Finished: 15/1/22. Playtime: 17.4 hours.

Infested Planet is a hidden gem and it's on sale for about three bucks right now so if you're interested at all go give it a whirl.

The thrust of the game is simple - it's a reduced RTS where you're tossed into command of a handful (roughly 3 to 10) marines and set to clear a randomly spawned cavern full of bugs. The map lasts about five to ten minutes, during which you'll turn the money from killing bugs into more marines, better marines, upgrades, and turrets. Then you do it again. Forever. There's no multiplayer, just one-off skirmishes, a story campaign, and a strategic campaign where the bugs develop technology to react to your onslaught on a multi-map basis. It's not a terribly deep game, but it's very engaging for its scope.
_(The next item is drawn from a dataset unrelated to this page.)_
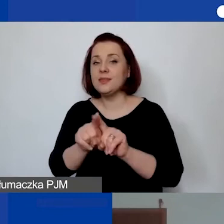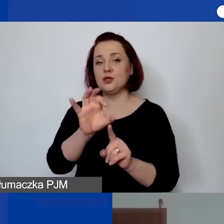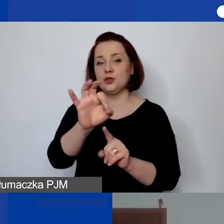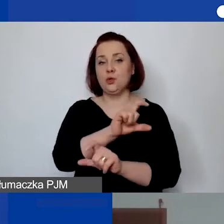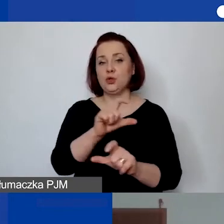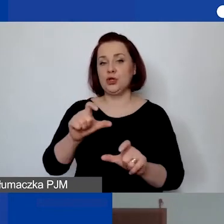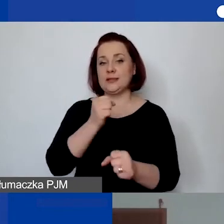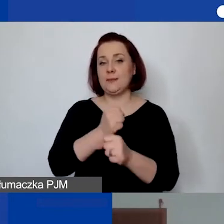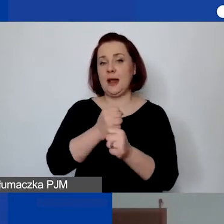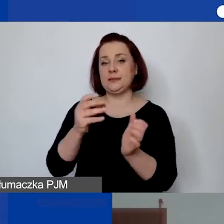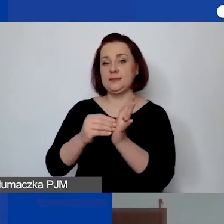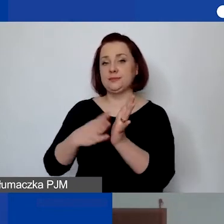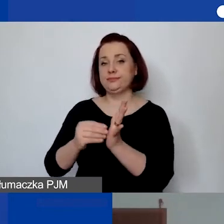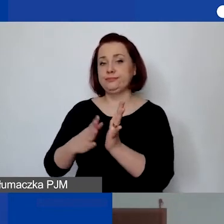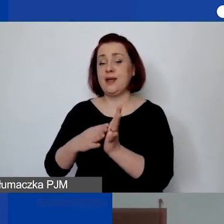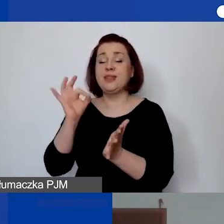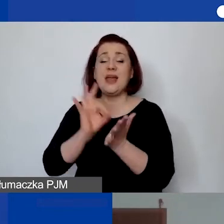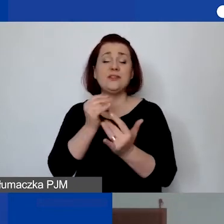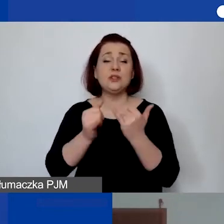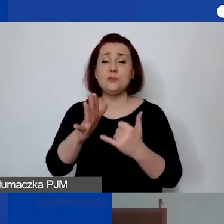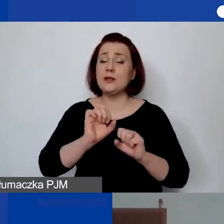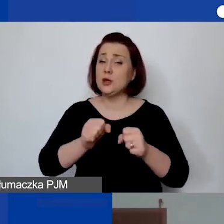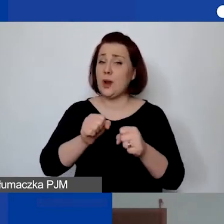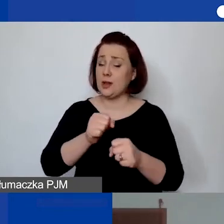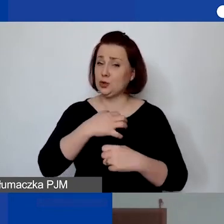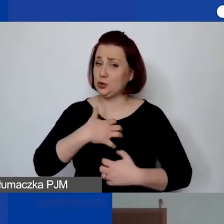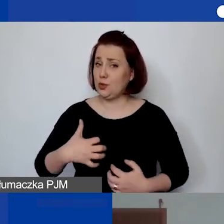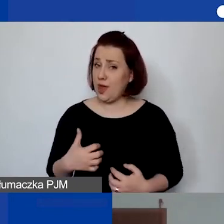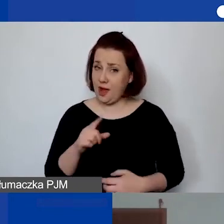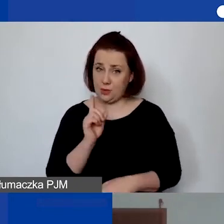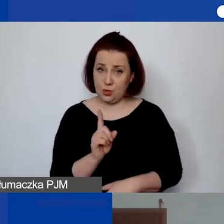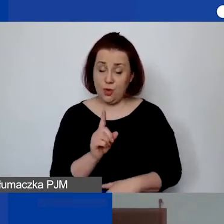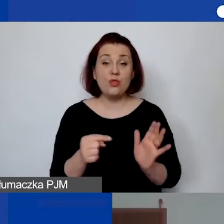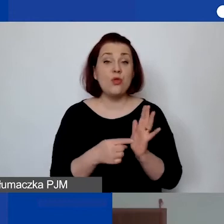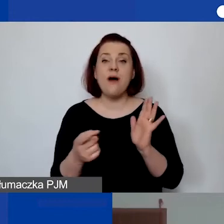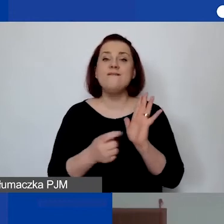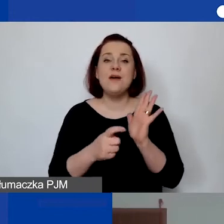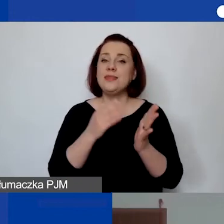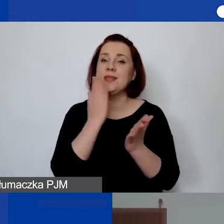Nawet jeżeli jest na działalności gospodarczej. Przy czym to wymóg nie tylko programowy, ale ustawowy,

One fascinating thing it does it is almost obsoletes micromanagement - for most given engagements, your marines will win or not based on strategic factors, like which direction the flow of bugs towards their objectives is taking vs. the approach vector you chose, or attributes you've bought for them like upgraded weapons or grenades, and very little on what you do with the marine once contact is made. Left alone, standing in position, a single marine can be an unapproachable tower for the bugs in the early game, only able to be overwhelmed if he's caught moving or multiple bug lines converge on him. Upgrades can keep that true for most of the campaign, until things really ramp up later.

Upgrades themselves are investments of a cash maximum, and there's no way to permanently lose money you've attained, but every dollar you spend can be refunded at some cost, usually time. Move a marine back to a captured base to send him back up to the ship for a full refund. If the bugs destroy a turret or an upgrade on the map, you can repair it via placing marines in the area and then either continue to use it or sell it for its full value. It's an interesting system that lets you make strategic mistakes and hunker down, taking some tactical losses while you recenter your focus - and this is good, because on most maps, as you conquer, the bugs get new attributes to make the remaining ones harder or add new factors for you to deal with.

Infested Planet is an RTS reduced to its most basic elements, which then set about making those most basic elements shine as brightly as they possibly can, and I think it pretty well succeeds in it. The one-minute video on the Steam page is a perfectly good, if a little goofy, showcase of the game.

Platinum wasn't an issue, and the game did not outstay its welcome. Beating the campaign, a secondary challenge each for most of the maps, and a few optional hard mode maps was sufficient to pack it away. That's pretty much all there is to say on that.

Check it out. Maybe buy it. It's cheap as anything and goes on sale pretty frequently.